Another problem with the 30-year mortgage is how you earn the equity in your home.
Earning Home Equity at a Glance:
30-Year Plan Vs. 15-Year Plan
Let’s calculate loan payments for a 15-year and 30-year mortgage plan respectively. For the sake of convenience, let’s take the median value of a single-family home in McAllen Texas which is $120,000. Without deducting the down payment, we will calculate the interest rates made on a mortgage of $120k. Furthermore, we will see the pattern of building equity in one’s property.
30-Year Plan
Amount: $120K
Interest Rates: 3.75%
Plan Terms: 30-Year Fixed
So, for this loan, you will pay $80k in interest rates. You will pay $556 as the monthly payment. This image from the website: http://www.amortization-calc.com/ shows how you pay interest rates & balance with a 3-decade plan.

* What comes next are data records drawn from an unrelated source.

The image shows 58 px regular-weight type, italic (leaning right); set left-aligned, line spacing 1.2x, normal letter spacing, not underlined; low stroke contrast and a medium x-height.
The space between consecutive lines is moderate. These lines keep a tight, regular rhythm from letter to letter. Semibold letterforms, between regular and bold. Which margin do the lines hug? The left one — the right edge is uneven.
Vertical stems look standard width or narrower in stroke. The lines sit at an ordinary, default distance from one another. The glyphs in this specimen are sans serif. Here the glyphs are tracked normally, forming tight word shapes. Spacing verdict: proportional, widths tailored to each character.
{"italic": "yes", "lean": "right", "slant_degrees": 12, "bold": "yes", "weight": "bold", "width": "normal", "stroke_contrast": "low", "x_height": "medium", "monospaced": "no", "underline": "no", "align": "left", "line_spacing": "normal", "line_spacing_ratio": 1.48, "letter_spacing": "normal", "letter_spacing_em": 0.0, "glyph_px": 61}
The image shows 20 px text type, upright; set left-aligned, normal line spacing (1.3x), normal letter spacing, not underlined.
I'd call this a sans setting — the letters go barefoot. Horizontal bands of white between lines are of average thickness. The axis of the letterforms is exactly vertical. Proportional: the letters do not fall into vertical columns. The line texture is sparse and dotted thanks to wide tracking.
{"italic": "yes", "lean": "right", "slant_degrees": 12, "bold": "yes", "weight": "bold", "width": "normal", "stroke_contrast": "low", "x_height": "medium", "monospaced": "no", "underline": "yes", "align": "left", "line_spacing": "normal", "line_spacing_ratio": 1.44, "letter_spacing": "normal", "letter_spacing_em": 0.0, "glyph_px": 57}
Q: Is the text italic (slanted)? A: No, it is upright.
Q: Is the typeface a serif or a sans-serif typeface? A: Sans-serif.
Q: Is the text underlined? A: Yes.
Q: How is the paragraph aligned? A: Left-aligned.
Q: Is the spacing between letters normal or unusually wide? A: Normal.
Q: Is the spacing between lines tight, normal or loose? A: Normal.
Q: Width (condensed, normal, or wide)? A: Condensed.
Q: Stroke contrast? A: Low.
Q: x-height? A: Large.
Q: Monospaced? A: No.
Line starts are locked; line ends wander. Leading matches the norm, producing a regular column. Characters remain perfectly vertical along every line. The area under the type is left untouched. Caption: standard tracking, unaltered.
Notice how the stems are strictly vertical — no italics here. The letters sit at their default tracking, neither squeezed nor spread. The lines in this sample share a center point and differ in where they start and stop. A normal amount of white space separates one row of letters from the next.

Notice how you are paying more in interest rates and less in the balance. If you sell your home after 9 years, you would have paid $60,048 but your equity will be only $24,964.
Compare that to the 15-Year Plan

Let’s say you want to sell the home after 9 years of purchase. At the purchase, you will have $65,496 in equity and you would have paid $87,911 towards loan payment.
Conclusion:
In this comparison, the 15-year plan wins the game. In fact, in any game of economics, the shorter plan is always the winner because of 2 reasons:
- You pay low-interest rates on the short-length loan.
- You pay fewer interest rates on a shorter plan.
Experts agree that a thirty-year mortgage is not always the best choice. Consumers should consider interest rates, loan amount and how long they want to stay in the house before making the final choice.